911 reviews19 followers
February 1, 2017
A pretty lackluster entry into the Bolan series. This book is bogged down by to much flashbacks. A few chapters are nothing but flashbacks. We hear so much about past Bolan missions, that the author seems to forget that he is on a new mission.

The other problem is that the author puts the plot on hold and has Mack go on a narrative about good and evil. The reason he fights. The everlasting war. Walking through the hell ground. Etc. Etc. If you remember Oliver Wendell Douglas from the show Green Acres, he would start a speech about the greatness of farming. Music would play and people around him would look at each other in confusion. That is exactly what happens here. Gun battles are going down and Mack would tell us all why these people are vile and must depart this world. Why he is the man who walks through hell to do this. I can only imagine the bad guys standing around looking at each other with smoking guns pointed down wondering what to do.

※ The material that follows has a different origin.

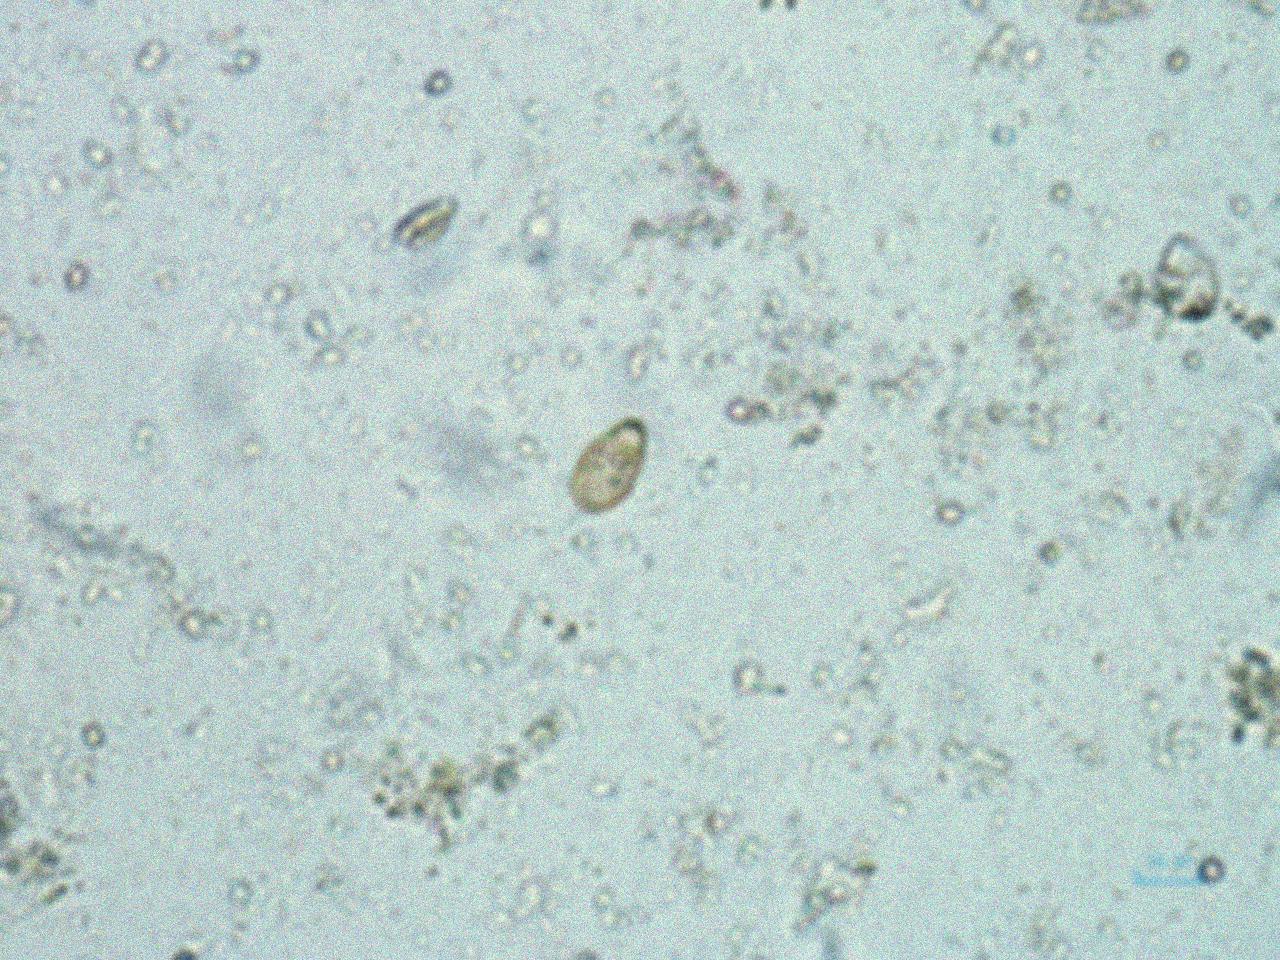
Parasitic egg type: Opisthorchis viverrine

What little story there is is good. Traitors are selling guns and trying to start a "black" CIA operation. Not much is done with this. Just average action. Black and white. Could of been so much better.
Profile Image for ShanDizzy .
1,306 reviews
July 31, 2021
If Frank Edwards succeeded, the result would be awesome, almost unbelievable, but inescapable fact: the terrorist network would have an intelligence capacity nearly equal to that of the great free nations. (An international intelligence agency with loyalties to the highest bidders.) Already the wheels were in motion. The only way left to destroy the corpus of the scheme was to cut out its heart.

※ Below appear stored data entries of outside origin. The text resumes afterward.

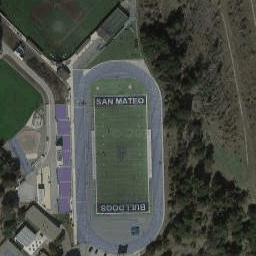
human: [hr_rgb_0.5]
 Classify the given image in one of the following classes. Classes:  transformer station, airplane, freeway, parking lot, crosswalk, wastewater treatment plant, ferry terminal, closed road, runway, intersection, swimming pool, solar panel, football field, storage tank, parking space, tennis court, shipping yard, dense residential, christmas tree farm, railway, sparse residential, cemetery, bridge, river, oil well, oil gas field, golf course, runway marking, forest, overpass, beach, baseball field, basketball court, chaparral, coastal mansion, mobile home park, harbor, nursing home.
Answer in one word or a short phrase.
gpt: football field
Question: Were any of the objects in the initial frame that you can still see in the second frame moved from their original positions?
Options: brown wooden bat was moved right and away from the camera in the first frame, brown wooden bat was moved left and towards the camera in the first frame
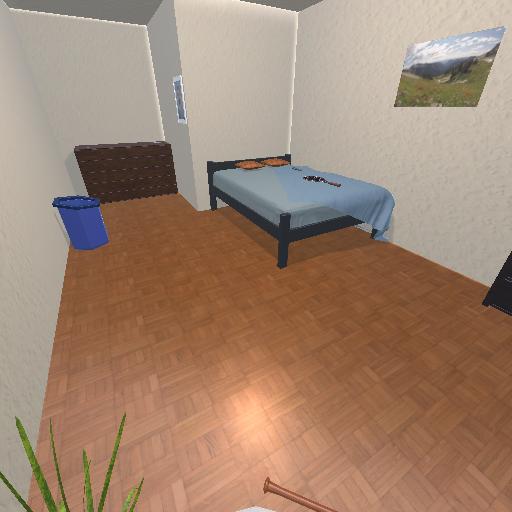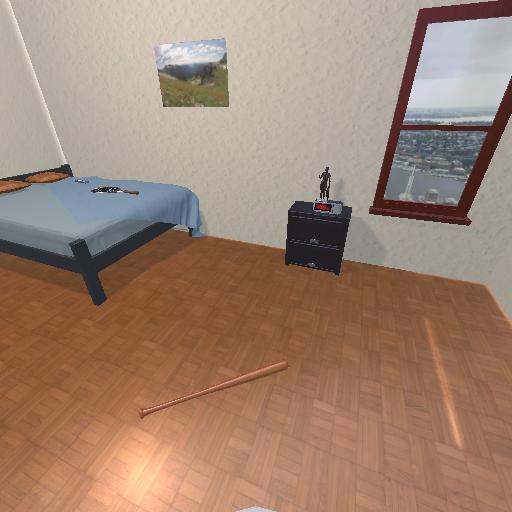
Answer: brown wooden bat was moved right and away from the camera in the first frame
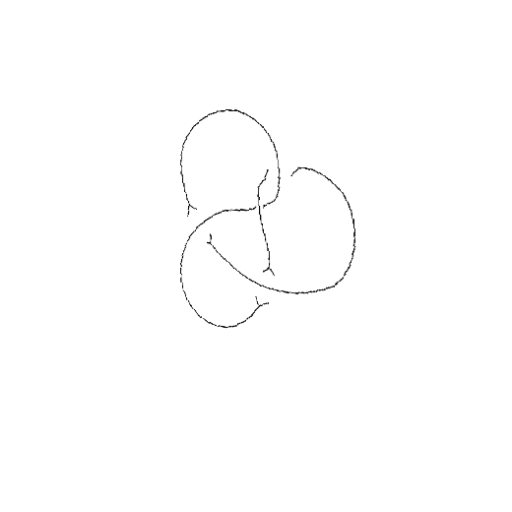
Crossing number: 4
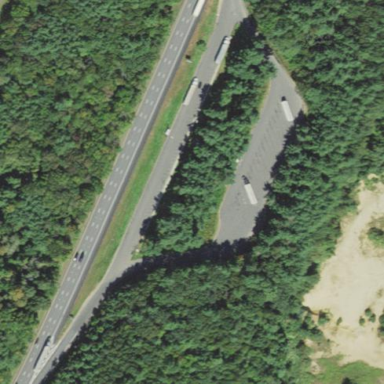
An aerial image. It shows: Rest area along the road.
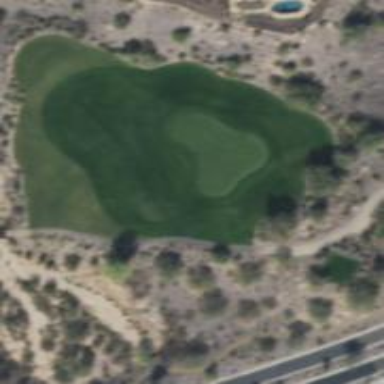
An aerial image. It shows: Golf hole.
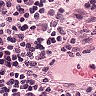
Metastatic tissue present: no
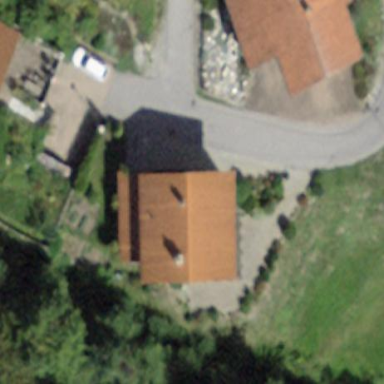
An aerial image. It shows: Simple and straightforward house.

In the long sordid history of mankind few spectacles rival the gladiatorial combat before tens of thousands of bloodthirsty citizens for the sheer savagery of which animal man was capable. Now Mack Bolan stood against another manifestation of that savagery the bestiality of international terrorism. And its perpetrators existed outside of law, society, or civilization. Though they sometimes carried on about "liberation," "power to the people," and "democratic revolution," their creed was control, suffocation and the eradication of anyone standing in their way...The tireless Warrior was no Gladiator. Nor was he kin to those ancient blood-lustful Romans who had crowded the stadium to see the sands flow red; he took no pleasure in battle for its own sake, had no deranged need to wash his hands in his enemies gore. It was far more simple than that. Mack Bolan new that passive lip service to the desirability of a better world never would be enough. As the statesman Edmund Burke had written, "The only thing necessary for the triumph of evil is for good men to do nothing." It was as elemental as that. And Mack Bolan could no more do nothing than stop breathing... Sometimes a man had to be willing to die for what it was right. And sometimes a man had to be willing to kill.
Profile Image for Tom.
1,112 reviews3 followers
December 28, 2023
Kind of funny that this book reuses the love interest from the 9th book in the series, while the next book reintroduces the love interest from the 10th book. I wonder if the pattern continues, but I'm afraid my spotty collection won't currently allow any further investigation into the pattern.

We're still early on after Pendleton handed off the series to ghost writers and the brand has expanded to include the other parallel series, so there's a focus on tying those properties into this book. Lots of Able Team going on here, which I haven't read so not a particular draw for me personally. The adventure itself is fairly nondescript.
Profile Image for Josh Hitch.
1,205 reviews14 followers
December 17, 2022
Krauzer does a solid job with this one. Bolan is tasked in taking out traitors led by an ex CIA agent who was setting up a CIA type service for terrorist groups. He was providing intel, training, support, and weapons of all kinds to the highest bidders, based in Libya under the protection of Khaddafi, who gave him some official cover. Though Bolan doesn't do things officially, his job is to make sure the service never gets set up and to destroy everything.

Recommended, again for the genre its fairly solid with a nice pace.